Images as background information should be attached to the Web Service message and referenced. It is up to the receiving system(s) whether they choose to download and store the images independently of the sending system.
The date be in either the XML scheme dateTime format or ISO format.
We should use EGIF standards where appropriate only where they
are open standards, not where they are vendor-specific. V Cards
probably should be used in addition, due to the wide availability
of tools.
It need not be possible for a member of the public other than the petitioner to electronically extract the V Card information of other signatories.
I do not expect to see any other electronic data for the paper signatures.
It should it be possible to submit a signature for a petition using an API, such as by posting to over HTTPS an XML message linking to the petition.
Hello - thanks for your comment and feedback - great stuff.
Good point about having to register for Scribd - as you will see we’ve now made it available for download from the post itself.
Cheers
Carrie
[...] can we begin? Well, a good place is this: part two of the consultation being run by Future Gov on data standards for e-petitions in England [...]
Carrie, I would be wary of over-cooking this before it has any real-world momentum. It is surely better to have simple, widely supported interfaces, than everything and the kitchen sink. Think RSS, not Ada. Certainly, an absolute minimum of data should be mandatory.
It is unclear if there is a real commercial model for those outfits supplying e-Petitions systems, so don’t make the cost of entry into the marketplace too high, it will ultimately stifle innovation.
I am not an expert in data protection law, but I suspect most responsible organisations will be very wary of any public-facing mechanism for downloading address information, even if only once and to the instigator of the petition. Acting as the middle man for exchanging personal data is something you can get a lot of grief about.
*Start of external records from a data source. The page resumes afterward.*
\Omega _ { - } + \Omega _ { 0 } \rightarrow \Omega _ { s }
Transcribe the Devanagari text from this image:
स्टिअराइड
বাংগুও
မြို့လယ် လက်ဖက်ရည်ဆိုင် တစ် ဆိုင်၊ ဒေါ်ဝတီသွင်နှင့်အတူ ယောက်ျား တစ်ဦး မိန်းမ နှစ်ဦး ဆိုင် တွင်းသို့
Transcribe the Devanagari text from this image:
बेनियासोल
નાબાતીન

The idea of an automated interface for signing petitions is, of course a security nightmare. I suspect in the short term, most organisations will not consider it worth the risk to the integrity of the results. So do you do nothing, and let non-standardization take a grip, or wait or what? I’d say stick some simple draft APIs in the spec, but don’t make it mandatory or over specify. Then come back in V2 and refine.
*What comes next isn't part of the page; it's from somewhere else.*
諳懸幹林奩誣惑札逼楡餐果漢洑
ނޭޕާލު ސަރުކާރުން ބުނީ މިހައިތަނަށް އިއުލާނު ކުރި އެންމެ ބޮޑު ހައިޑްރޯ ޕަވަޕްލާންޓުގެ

I am pretty much in agreement with Herc (though slightly more optimistic about being able to securly move to remote lodging of signatures and petitions)
My thoughts on the standard making processes are that:
(1) The purpose of this requirement is for a *simple* set of data standards,
(2) So at this point, we should be focussing on a standard for the base functionality: read only access to publicly available data
(3) Once that’s in place, we can talk about API keys, RESTful CRUD actions etc, and also secure transfer of sensitive data between servers - maybe learning from how different people solve the problems
(4) The process should allow for evolution of the standard to work in other countries: this will give UK companies a competitive advantage
(5) Regular review dates should be built into the process.
More generally, I’m happy to see that that multi-lingual aspects are being dealt with from the beginning. Tracking status changes will be key to generating feeds that will allow external sites to keep their readers up to date and allow comparison of how different authorities are managing the process.
I’m look forward to the next stage!
So what is the next stage with this project?